On the Effect of Occupations upon Health.-Sanatory Influences of Locality, Ventilation, Drainage, Temperance, &c.— Effect of Confinement, Sedentary Habits, Constrained Positions, OverExertion, Prolonged Labour, Undue Use of the Voice, Undue Use of the Eyes, Damp Places of Work, Hot Places of Work, The Inhalation of Dust, Exposure to Weather, Loss of Sleep at Night, The Mineral Poisons, &c., on the Healths of Handicraftsmen, Miners, Labourers, Seamen, &c. - Importance of Manly Sports, Public Pleasure-Grounds, &c., to the Health of the Sedentary and Operative Classes of the People.
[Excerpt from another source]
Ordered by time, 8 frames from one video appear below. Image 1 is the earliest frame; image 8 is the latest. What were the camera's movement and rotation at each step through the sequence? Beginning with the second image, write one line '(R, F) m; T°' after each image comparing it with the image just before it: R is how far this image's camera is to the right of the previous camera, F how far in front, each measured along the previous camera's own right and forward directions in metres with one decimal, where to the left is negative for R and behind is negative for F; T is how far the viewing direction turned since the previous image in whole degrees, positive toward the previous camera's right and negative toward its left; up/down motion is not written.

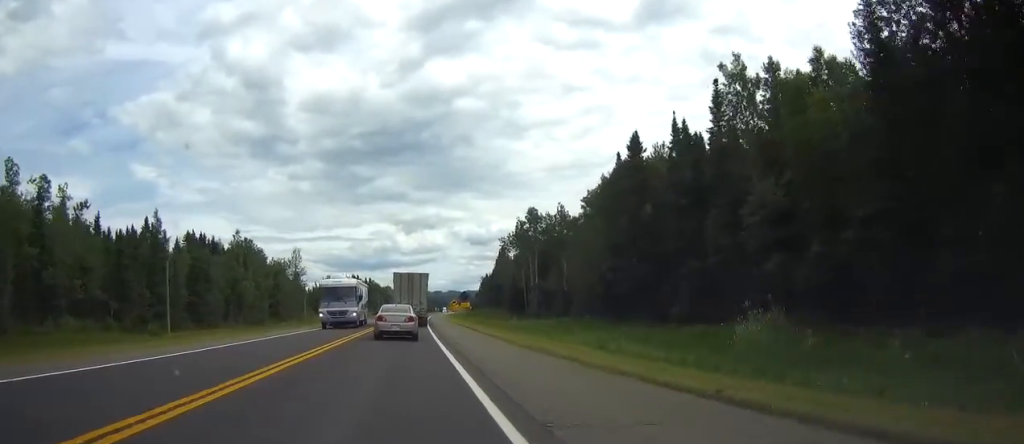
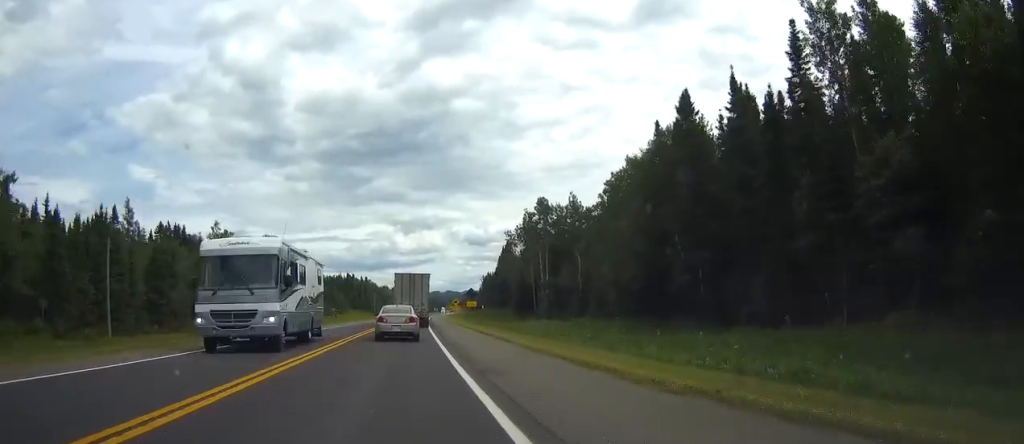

THE influence of the employment or occupation on the health, and consequent probabilities of life, and on the nature of the diseases by which the duration of life proves to be eventually affected, is unquestionably very great; although it may not be so great as appears to be commonly supposed. What is observed by M. Louis, in his so deservedly distinguished "Researches on Phthisis," in regard to the effect of trade and occupation in the development of that disease, may be applied, with much truth, to the general question of the influence of occupation on disease and mortality. "The truth is, that it is necessary to take a multitude of circumstances into consideration, in the attempt to determine the influence of professions in the development of the disease, -circumstances so important that, without them,

the closest analysis of cases could not lead to other than erroneous conclusions. The artisan does not live only in a dry or moist, cold or hot atmosphere; he does not breathe only inoffensive or deleterious vapours; he does not follow only a sedentary or active trade, &c.; his trade further requires a great outlay of strength, and a vigorous constitution, or those who pursue it are weakly, and constitutions of this stamp suffice for its duties; again, the wages of the artisan allow him, or do not allow him, to procure good food, and a healthful lodging, &c. &c." There can be no longer any doubt, that such several circumstances as are involved in the condition of a heathful lodging, a regular supply of good food, and habits of temperance, have much more to do with the probabilities of life in almost every occupation, however otherwise reputed unhealthy, than such occupation inseparably involves. The shoemaker, or the tailor, or the weaver, is infinitely more likely to suffer in health and life-expectancy, from the deficient ventilation of the workshop, and the defective drainage and sewerage and ventilation of his dwelling, than from the sedentary nature of his employment, or the constrained position in which he is obliged to sit during so many hours of the day. The glass-blower, whose occupation exposes him to such extreme alternations of temperature, and the remark applies equally to many other trades and occupations, is more commonly found to suffer from his own habits of intemperance, than from the consequences of such alternately heated and cool air, interfering with the

CAUSES OF VARIABLE MORTALITY.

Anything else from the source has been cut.